# Mapreduce Fun: Sampling for Large Data Set | BloomReach Engineering Blog

This post is by Chou-han Yang, principal engineer at BloomReach.

The coolest thing about mapreduce is that we suddenly have enormous computing power and storage at disposal. To me, it’s like a kid who suddenly has a new toy and a desire to incorporate it into his favorite games. What could be more fun than figuring out new ways to play old games?

It reminds me of something I do frequently with single-process programming, something that needs an overhaul to fit into the mapreduce framework. Hadoop in particular also needs some careful tuning in order to run smoothly.

Let’s take a simple example here: sampling n elements from a very large data set with unknown size. I would like walk through all methods even from non-mapreduce to mapreduce so we can look at the pros and cons. First, we do want to make sure our sampling process is not bias, i.e. that every element should have the same probability to be chosen into sampled set. And of course, we hope to achieve with good time and space complexity.

#### Method 1 (non-mapreduce): Shuffle a deck of cards

We can scan entire data set and get the number of elements m, and then we can generate a random number ranging from 0 to m-1. This would allow us to pick the first sample element. The result is not biased assuming the random number generator gives same probability for each number from 0 to m-1. Then, we can remove the element, and do it again with a size m-1 data set.

Of course, the problem here is that we have to know the size of the data set first. We also need random access to any element when it’s chosen, regardless if we load entire data set into memory.

#### Method 2 (non-mapreduce): Reservoir sampling

Given the problems with Method 1, engineers developed new way to sample data online. The question is: If we know the current data size, m, can we decide the probability of the next element, m+1, being chosen into the sampled set?

The answer is obviously yes. As the size of the data set grows as we read new elements, the probability of the new element being sampled decreases proportionally with the size of the data set already seen. By applying reservoir sampling, we can scan very large data set, and get a sample online while we scan every new element.

This is very useful for data streams as well as large data set. But again, the downside is that all data needs to be processed in a single thread or process, which may not provide any benefit if we move to more powerful mapreduce framework.

#### Method 3 (mapreduce): Try to move reservoir sampling to mapreduce framework

Now that we are entering the age of big data, so everyone is using mapreduce like crazy. Natually your first intuition is to employ the same reservoir sampling technique because we don’t want to keep large data set in memory. Not to mention, the mapreduce framework fits better with streaming model as you get one element at a time in mapper or reducer.

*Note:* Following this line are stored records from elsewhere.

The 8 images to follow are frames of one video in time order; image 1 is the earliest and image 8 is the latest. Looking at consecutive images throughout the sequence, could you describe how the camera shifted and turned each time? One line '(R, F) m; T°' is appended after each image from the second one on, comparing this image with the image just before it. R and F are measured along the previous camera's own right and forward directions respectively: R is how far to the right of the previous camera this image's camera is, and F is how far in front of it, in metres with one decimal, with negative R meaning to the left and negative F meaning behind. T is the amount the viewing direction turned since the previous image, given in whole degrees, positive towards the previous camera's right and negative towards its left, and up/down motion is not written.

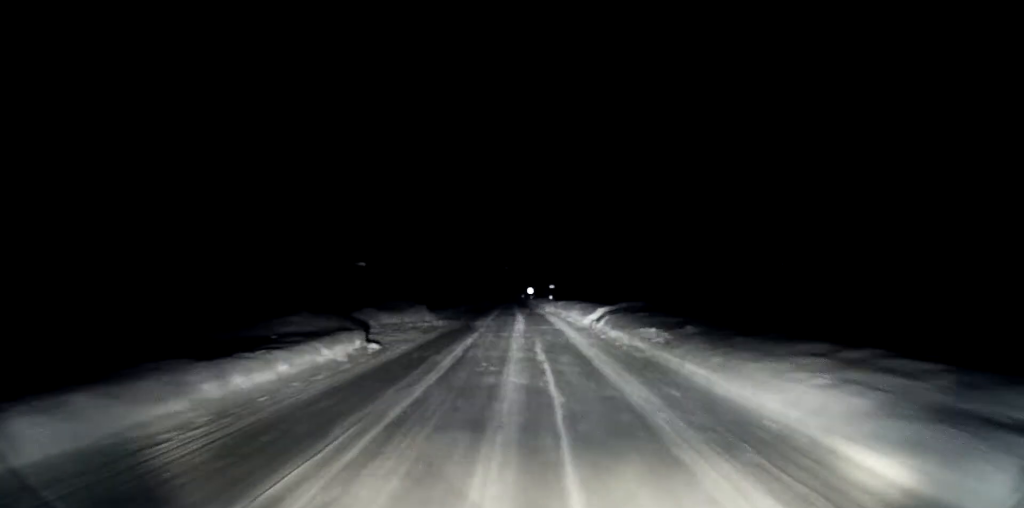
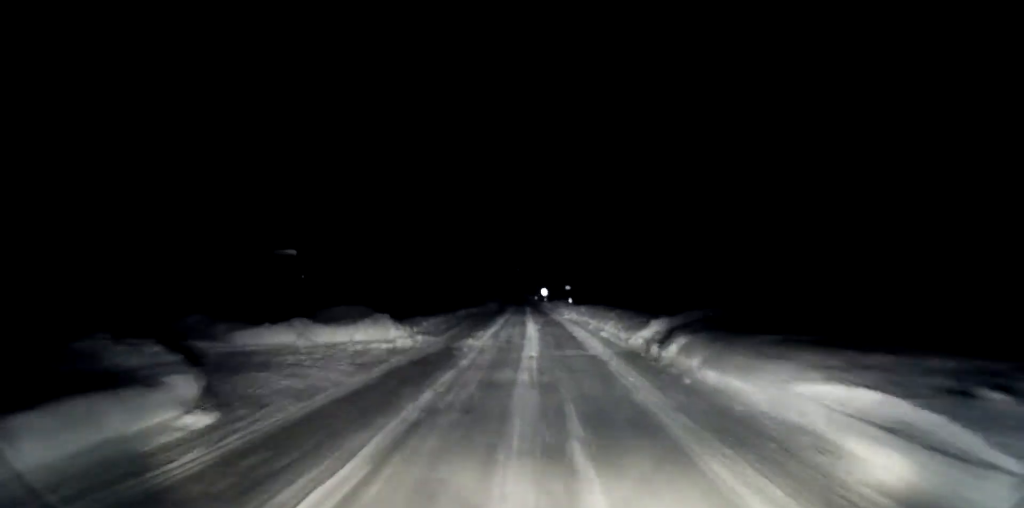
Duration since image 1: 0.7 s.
(-0.1, +9.1) m; -1°
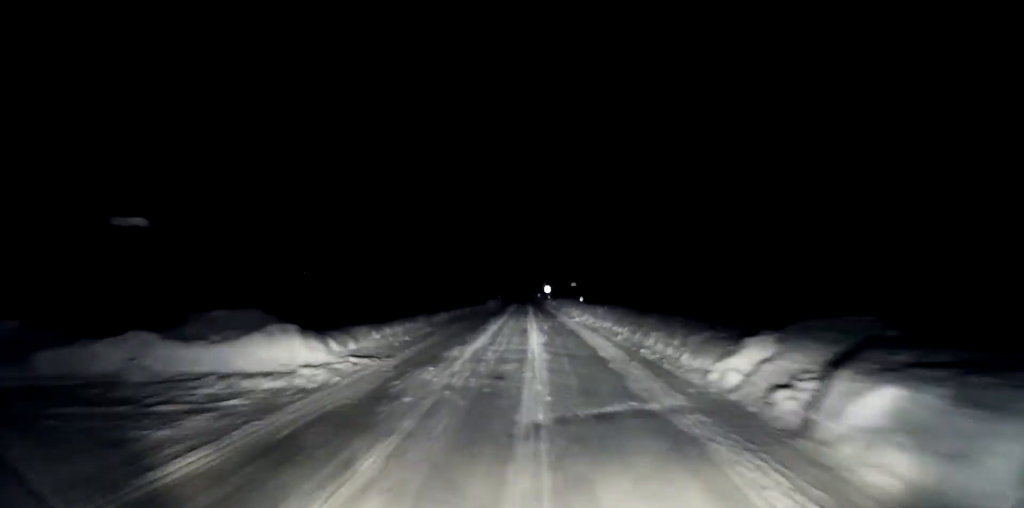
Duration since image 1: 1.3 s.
(0.0, +7.3) m; -1°
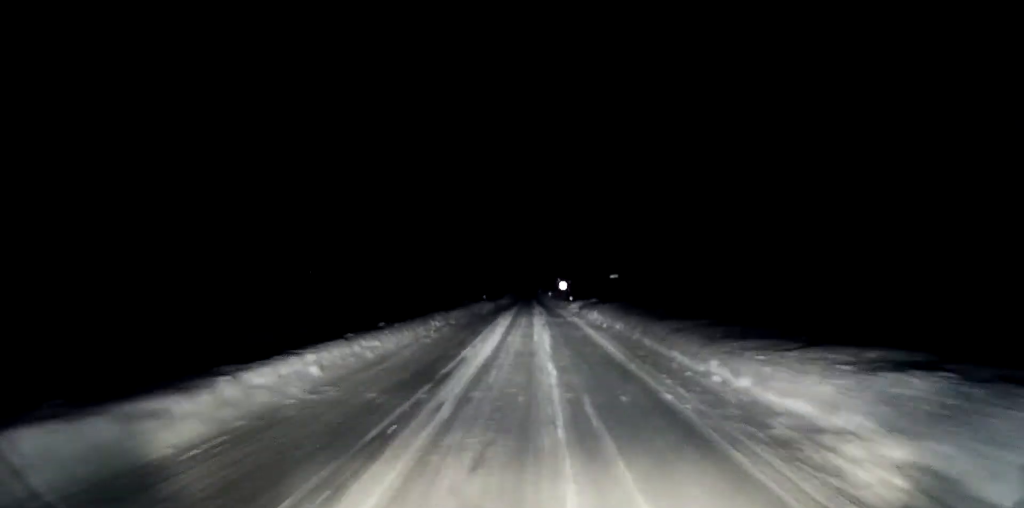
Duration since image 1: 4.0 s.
(-1.3, +35.4) m; -3°
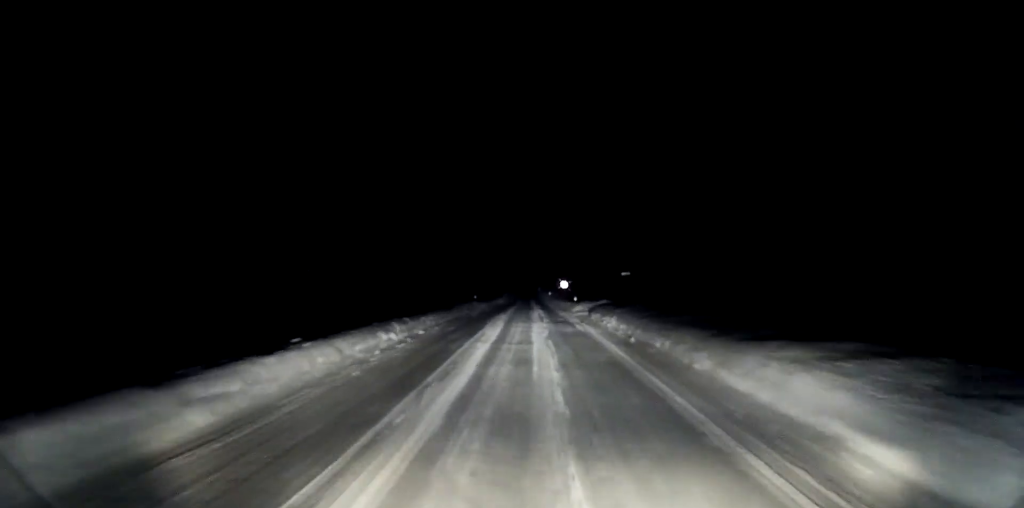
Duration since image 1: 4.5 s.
(0.0, +7.0) m; 0°
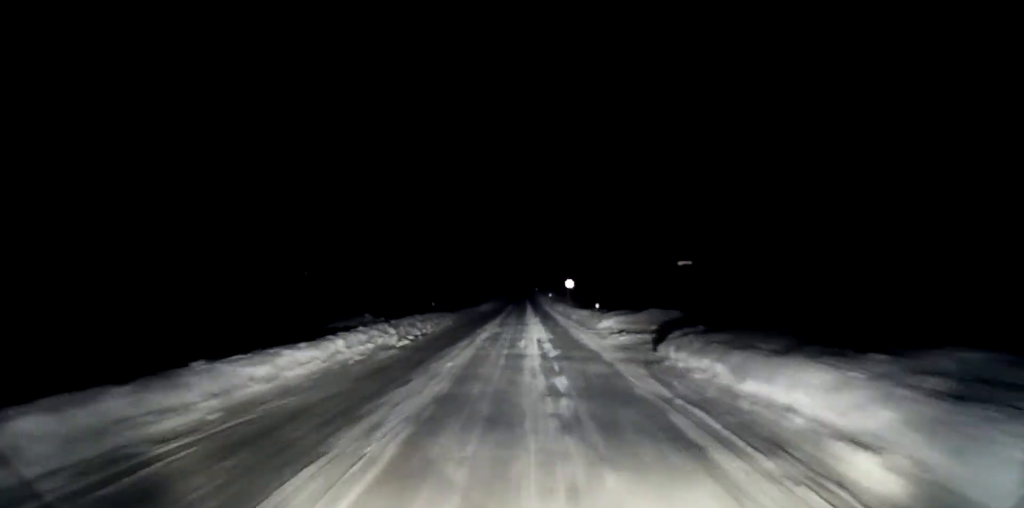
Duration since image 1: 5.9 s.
(+0.2, +17.7) m; +2°
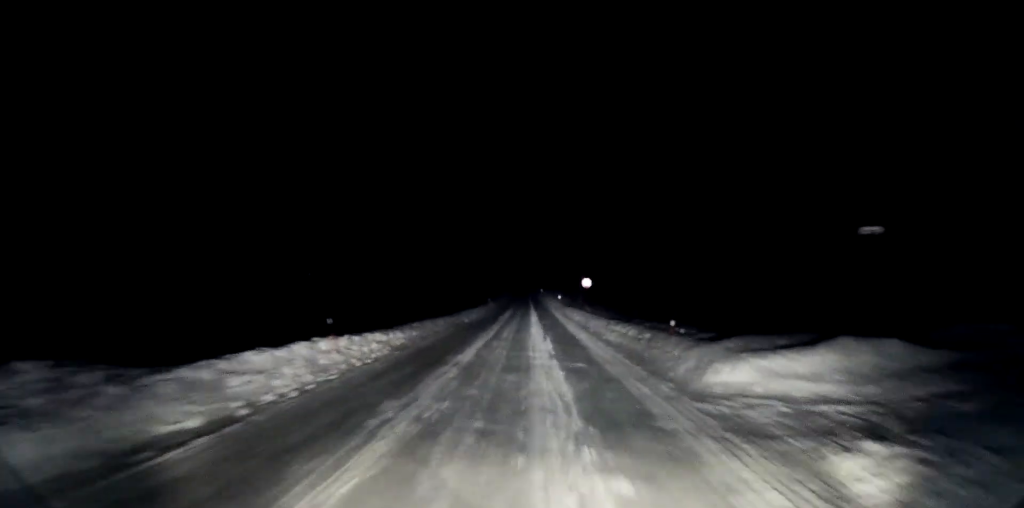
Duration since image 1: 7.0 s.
(+0.2, +14.6) m; 0°
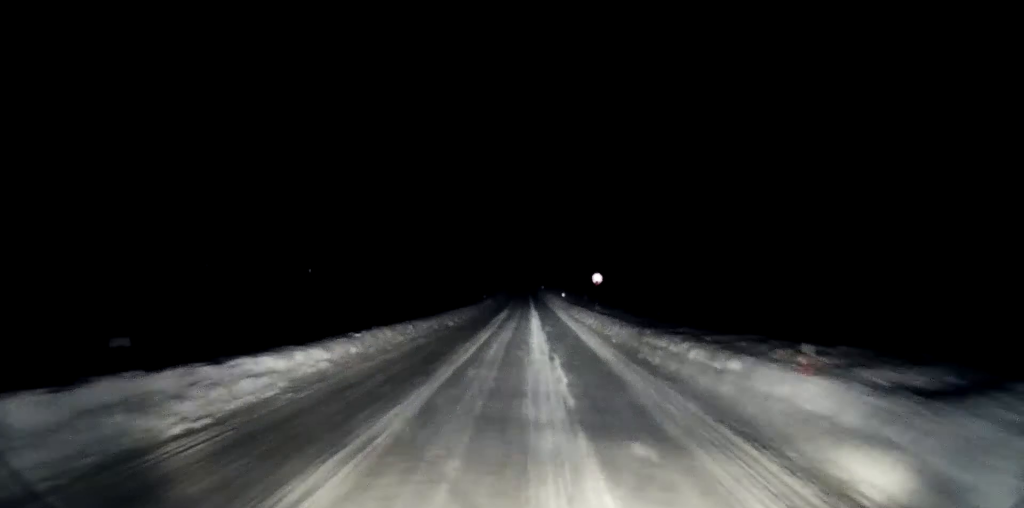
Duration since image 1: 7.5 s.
(0.0, +7.1) m; -1°

So let’s run reservoir sampling in both mapper and reducer. Sounds easy, right? Well, it doesn’t really work the way you might have expected. The problem is that each mapper might not get exactly the same number of elements. That means those elements in a smaller split will have a better chance to be sampled.

Using an identity mapper and dumping everything into a single reduce, so it can do reservior sampling, is hardly ideal. Since we’re putting all the work loads into a single reducer, mapreduce isn’t giving us any benefit. Essentially, this method is the same as processing all the data in a single node.

We may be able to workaround the problem by either controlling the number of elements in each split or by doing some math tricks that remove the probability bias in the reducer. But that’s all very complicated.

#### Method 4 (mapreduce): Revisit data shuffling?

So back to square one. For mapreduce jobs, we can definitely get the total number of elements in data set by scanning the data set. Then we can randomly pick elements in a second pass. This method works, but again it’s not very efficient because we have to scan the data set twice.

So, let’s think agin about how shuffling a deck of cards works. First, we shuffle the cards, which is a randomization process. Secondly, we pick the top n cards as the sampling set, which is simply pick top n elements with some order.

So is it possible that we can shuffle data without moving actual data around? The answer is yes. We can simply apply a hash function to the element. Therefore, we can get a randomized order for each element. At first this doesn’t seem to simplify the problem, because we’re just converting the sampling problem into a data shuffling problem. But consider the fact that the second step, picking the top n element, coud be easily run by mappers with a heap in it.

In short, we hash each element for each mapper and get a random order. Then we use the value to determine if we want to keep it in the heap for the entire split for the entire map task. When the map task is finished, we simply emit the entire heap to the reducer.

So in this case, we still have a single reducer, but the number of elements that goes to the reducer is dramatically reduced. The actually number of elements sending to reducer will be the number of mappers times n.

#### Conclusion

Like a new frameworks, it is fun to re-think the best approach to an old problem. Mapreduce basically opens the door for more functional constructs and you might sometimes need to “unlearn” things in order to full utilize the power of a framework. There may be even better solutions that we didn’t discovered yet. So let us know what you think, and have fun with mapreduce.